I’ve seen how the right work, witnessed them first-hand weaponise the hatred our community has for queer people in order to attain further control of their electorate. And this weapon is strong because at times it is true. We have a homophobia problem and so our reluctance to love LGBTQ people reinforces all the systems that keep us at the bottom. Because if we can not show that we are capable of loving others, irregardless of whether they have sex with the same gender, then in this white, Christian country, we will never truly feel safe and protected. Our children will live in a country that hates them and will never be able to succeed to their full potential
I want to make this clear. The far-right across the globe have used the assumed barbarism of the Muslim community to win elections, and start wars. From Iraq and Syria, to Myanmar, to India, to America, to Britain, to most of Europe. Islamophobia is the bedrock of this new age of fascism and you, the British Muslim, know this better than anyone else.

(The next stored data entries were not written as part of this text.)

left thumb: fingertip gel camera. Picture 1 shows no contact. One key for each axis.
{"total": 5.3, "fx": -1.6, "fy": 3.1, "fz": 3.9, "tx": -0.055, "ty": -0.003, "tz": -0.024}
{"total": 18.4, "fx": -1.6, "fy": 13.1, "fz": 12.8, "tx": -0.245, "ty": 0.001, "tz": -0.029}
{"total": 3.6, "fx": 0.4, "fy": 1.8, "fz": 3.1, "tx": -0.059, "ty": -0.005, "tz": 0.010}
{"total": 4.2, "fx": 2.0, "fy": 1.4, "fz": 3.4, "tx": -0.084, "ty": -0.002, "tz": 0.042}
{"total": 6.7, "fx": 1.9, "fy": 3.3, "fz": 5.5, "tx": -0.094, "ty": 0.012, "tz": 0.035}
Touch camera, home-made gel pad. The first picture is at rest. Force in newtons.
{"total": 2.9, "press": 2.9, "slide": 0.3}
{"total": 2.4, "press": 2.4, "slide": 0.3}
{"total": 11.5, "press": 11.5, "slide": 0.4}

One must only watch one episode of Question Time on the BBC, pick up an article from the Spectator, watch the Prime Minister in Parliament or speak to a neighbour. Islamophobia, the fear of Muslims, has embedded itself within British politics and culture. From Home Office projects like Prevent, to education projects about ‘British values’, there is a systemic and institutional effort to reinforce the subjugation of Muslim people in Britain.

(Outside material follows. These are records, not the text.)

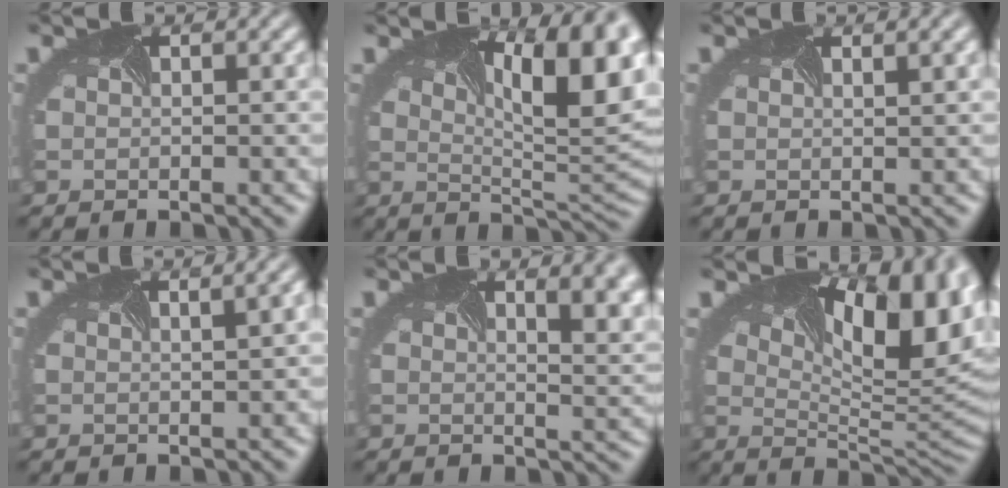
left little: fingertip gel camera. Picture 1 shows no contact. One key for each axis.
{"total": 12.2, "fx": 4.2, "fy": 4.5, "fz": 10.5, "tx": -0.114, "ty": 0.022, "tz": 0.053}
{"total": 1.9, "fx": 1.1, "fy": 0.7, "fz": 1.4, "tx": -0.011, "ty": 0.014, "tz": 0.001}
{"total": 3.4, "fx": 1.2, "fy": 1.5, "fz": 2.9, "tx": -0.013, "ty": 0.026, "tz": 0.001}
{"total": 8.3, "fx": 3.5, "fy": 4.1, "fz": 6.3, "tx": -0.057, "ty": 0.036, "tz": 0.036}
{"total": 12.8, "fx": 4.9, "fy": 5.5, "fz": 10.5, "tx": -0.129, "ty": 0.013, "tz": 0.079}

I want to make this clear. That if the British Muslim community does not work in tandem with the LGBTQ community, the Conservative government and the far-right will win this fight, and we as a whole community will remain the victims of violent Islamophobia for decades more.
Our community is failing in fighting Islamophobia because we have failed to understand that the most powerful gun held to our own head is our own reluctance to allow our community to include and love LGBTQ people and other marginalised communities within the western world.
Fundamentally, the liberation of queer people relies on support from the Muslim world, and vice versa: the liberation of Muslim people from Islamophobia relies on support from the LGBTQ community. It is the exact same fight. It is trans and gay men that are standing up and fighting Modi. It is lesbian women that are fighting against Trump’s Islamophobia. It is black gay men speaking up for the persecution and incarceration of black Muslims. It is queer Muslims going on TV and making films and producing music that continues the legacy of Islamic art and culture, whether you know they are queer or not, they are people who you have already invited in your homes and in your lives.
I write with urgency because I am seeing online and offline the right-wing islamaphobes weaponise homophobia and use it as a way to garner more support for wars in Iraq, and to garner more support to persecute Palestinians, among many other policy changes. The world and culture is changing. If we do not adapt to it, we will be failed by it. We are already being failed by it. Modi, Bolsanaro, all over Europe, in China, in Iraq, in Sub-saharan Africa, and here in Britain and America. We’re losing and we’re losing hard. If we do not adapt our methods, join forces with other communities, will continue to lose.
We are dying because of the violence of islamophobia and we are being kept poor because of it. Embrace those who are dying from the violence of homophobia, transphobia, anti-blackness and misogyny. And our community will have an economic base, a social base and a cultural base on which we no longer will have to rely on hardships and struggles to build character but on happiness and joy.